◆ Records for the task
==========

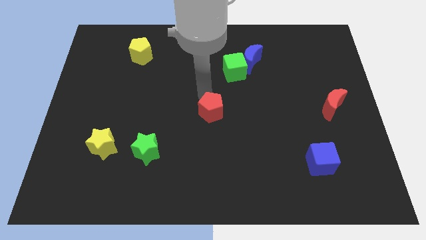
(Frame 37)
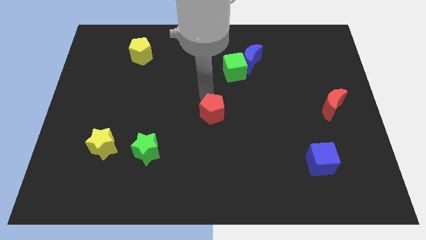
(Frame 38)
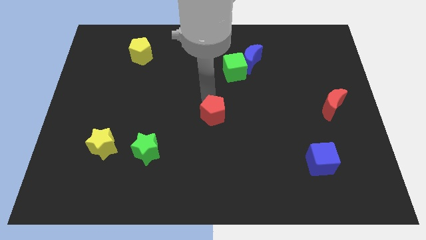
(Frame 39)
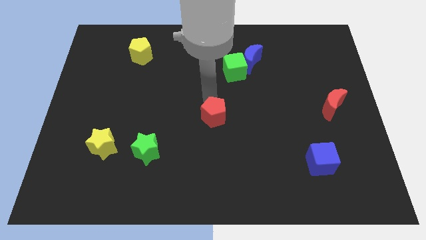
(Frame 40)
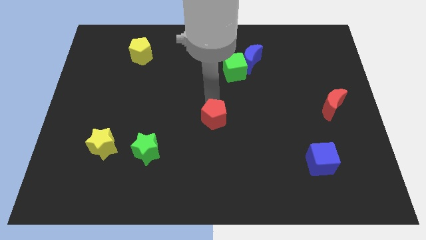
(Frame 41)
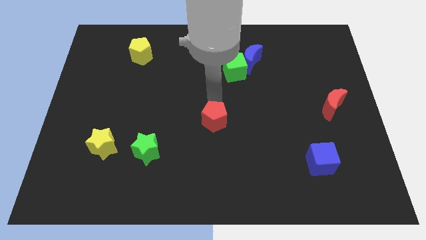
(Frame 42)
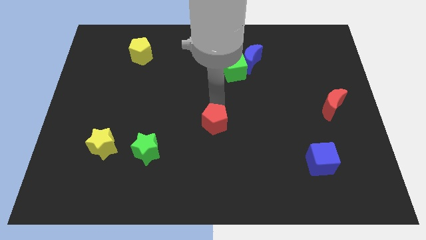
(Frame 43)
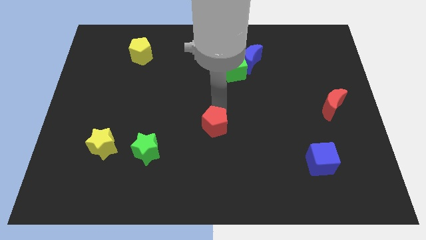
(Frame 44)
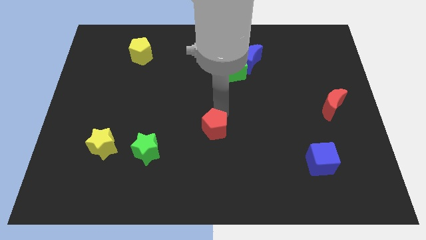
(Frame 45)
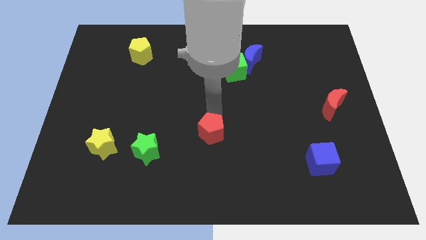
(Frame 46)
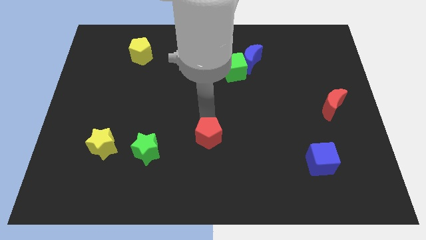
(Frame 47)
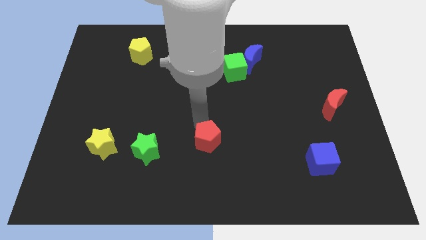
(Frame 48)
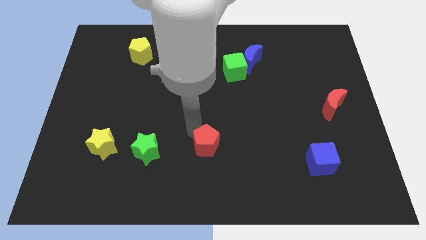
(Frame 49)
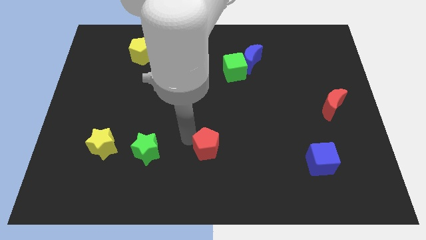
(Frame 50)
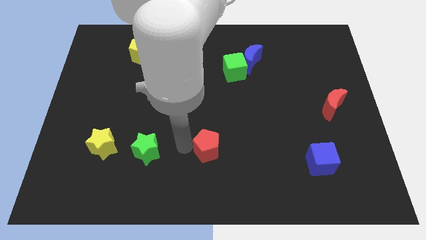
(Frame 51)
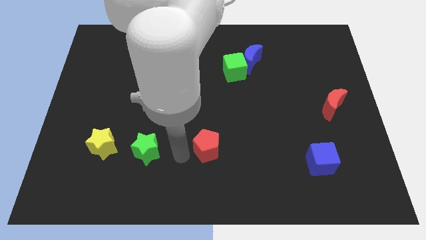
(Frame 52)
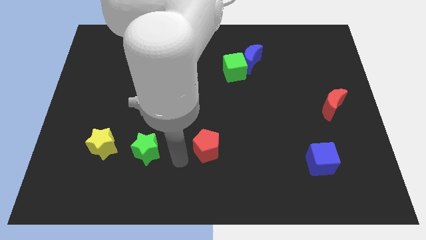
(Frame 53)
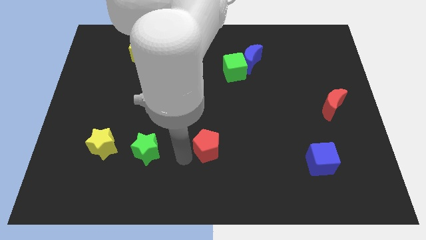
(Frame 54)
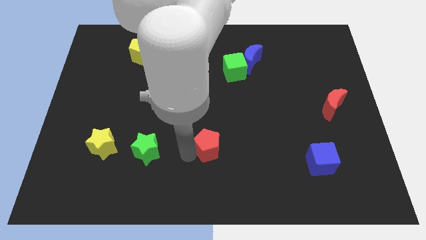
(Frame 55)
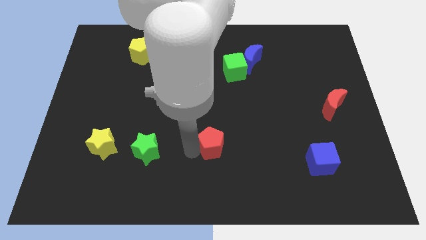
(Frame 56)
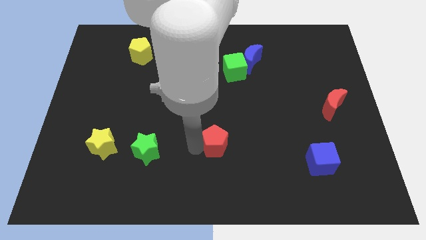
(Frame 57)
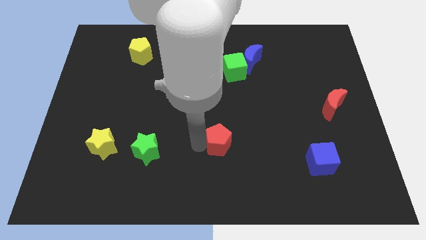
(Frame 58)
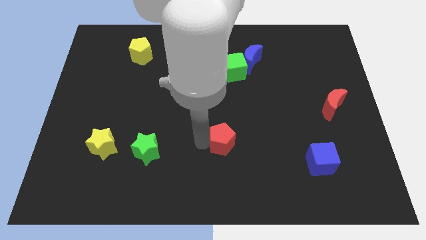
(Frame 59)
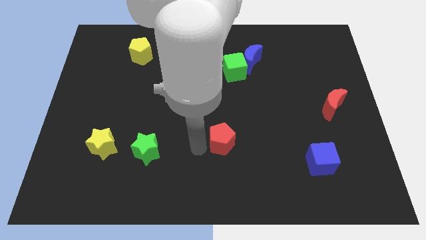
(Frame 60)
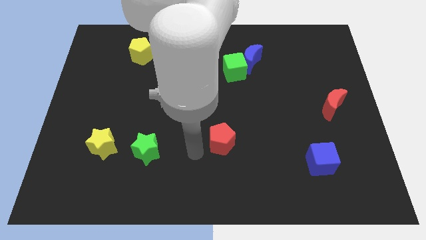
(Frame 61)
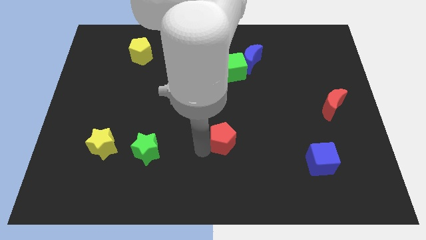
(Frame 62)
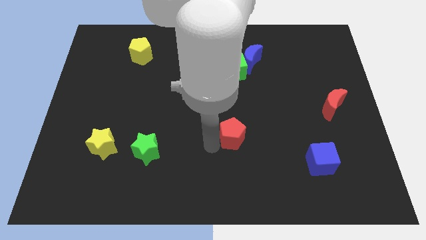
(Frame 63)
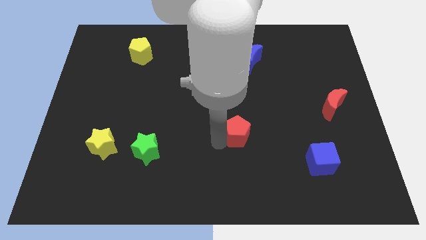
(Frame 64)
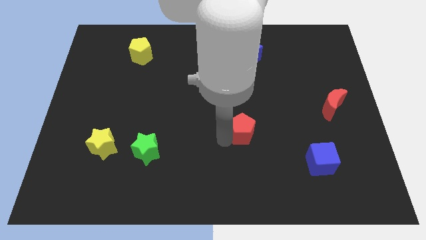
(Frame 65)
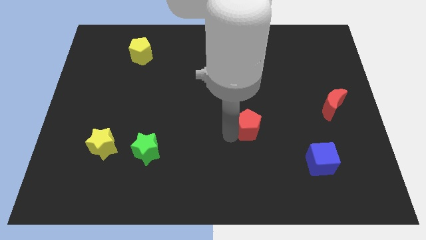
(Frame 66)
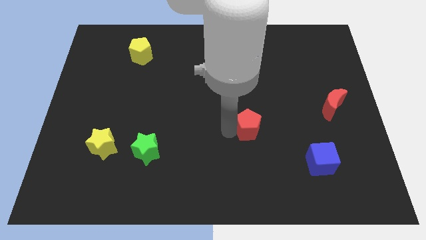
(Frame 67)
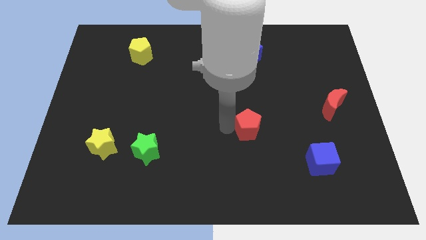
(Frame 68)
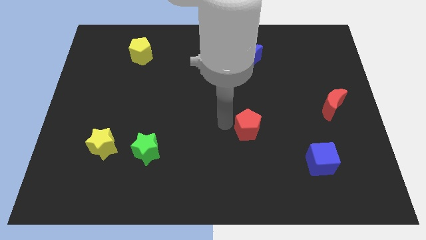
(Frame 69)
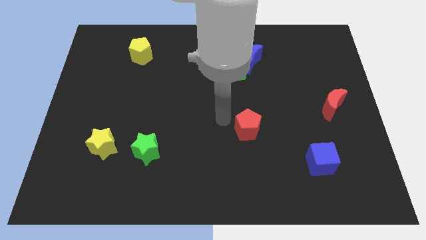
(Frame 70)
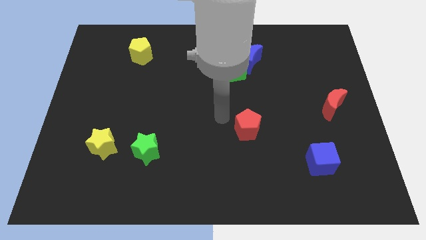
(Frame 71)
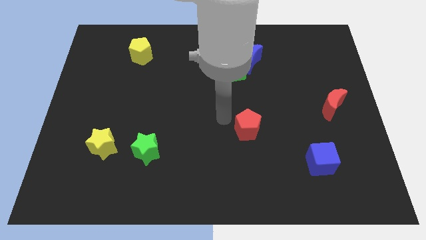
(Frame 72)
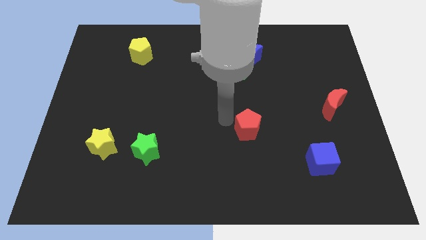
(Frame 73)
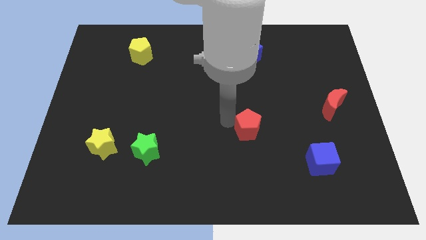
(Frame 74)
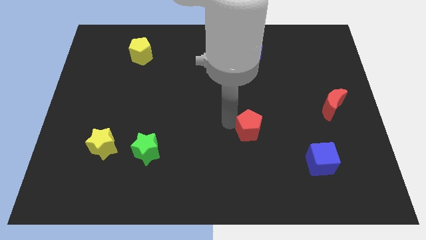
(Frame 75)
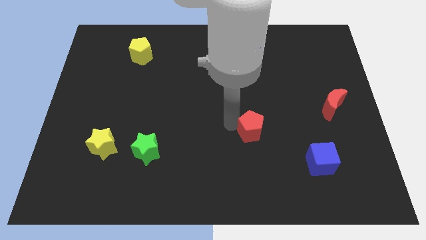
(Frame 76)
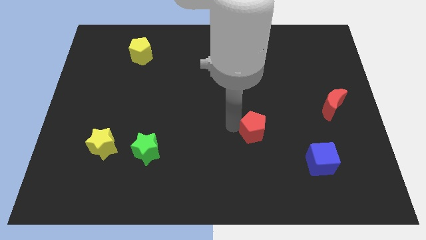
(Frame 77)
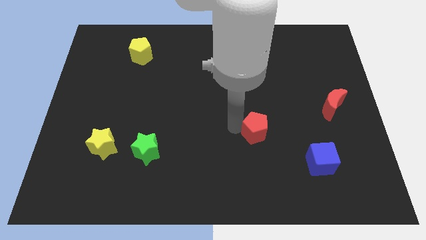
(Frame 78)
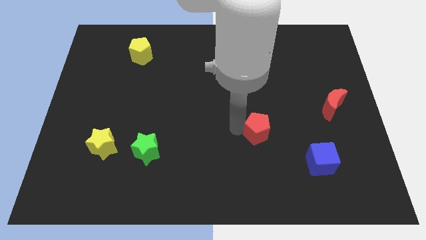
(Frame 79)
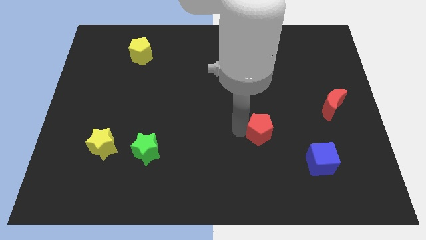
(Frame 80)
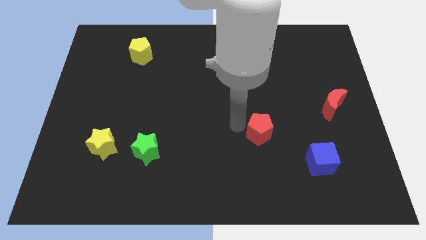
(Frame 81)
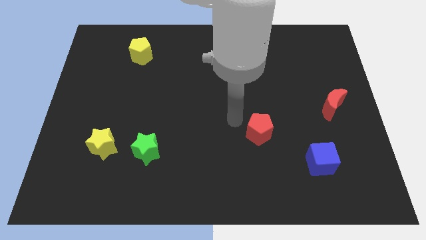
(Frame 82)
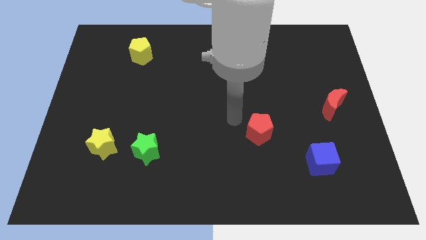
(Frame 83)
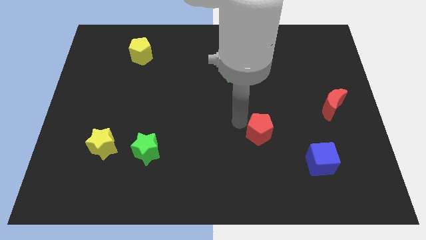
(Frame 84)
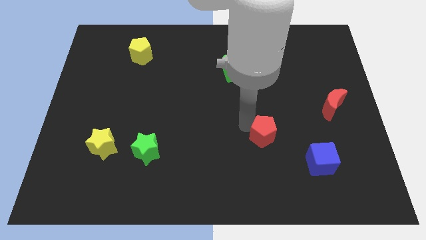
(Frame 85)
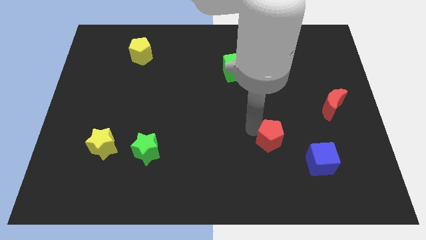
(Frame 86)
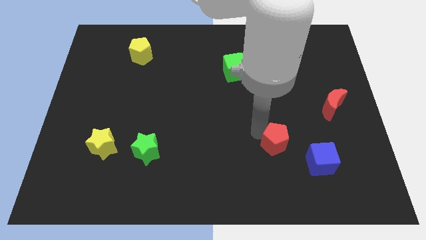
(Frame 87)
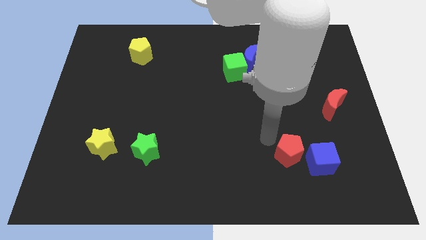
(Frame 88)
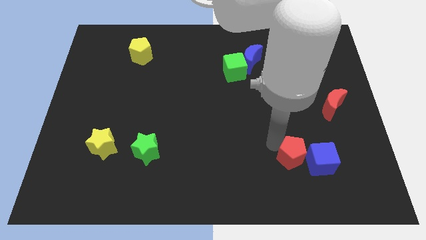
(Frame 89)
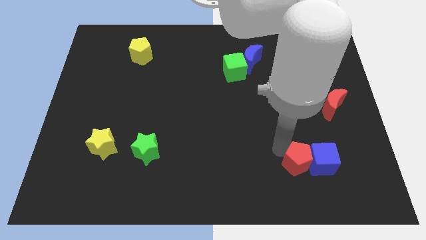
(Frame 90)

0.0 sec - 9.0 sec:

==========

◆ Work order
Could the entries be output exactly as written, but without their images?

◆ Answer to the exercise
(Frame 37)
(Frame 38)
(Frame 39)
(Frame 40)
(Frame 41)
(Frame 42)
(Frame 43)
(Frame 44)
(Frame 45)
(Frame 46)
(Frame 47)
(Frame 48)
(Frame 49)
(Frame 50)
(Frame 51)
(Frame 52)
(Frame 53)
(Frame 54)
(Frame 55)
(Frame 56)
(Frame 57)
(Frame 58)
(Frame 59)
(Frame 60)
(Frame 61)
(Frame 62)
(Frame 63)
(Frame 64)
(Frame 65)
(Frame 66)
(Frame 67)
(Frame 68)
(Frame 69)
(Frame 70)
(Frame 71)
(Frame 72)
(Frame 73)
(Frame 74)
(Frame 75)
(Frame 76)
(Frame 77)
(Frame 78)
(Frame 79)
(Frame 80)
(Frame 81)
(Frame 82)
(Frame 83)
(Frame 84)
(Frame 85)
(Frame 86)
(Frame 87)
(Frame 88)
(Frame 89)
(Frame 90)

0.0 sec - 9.0 sec:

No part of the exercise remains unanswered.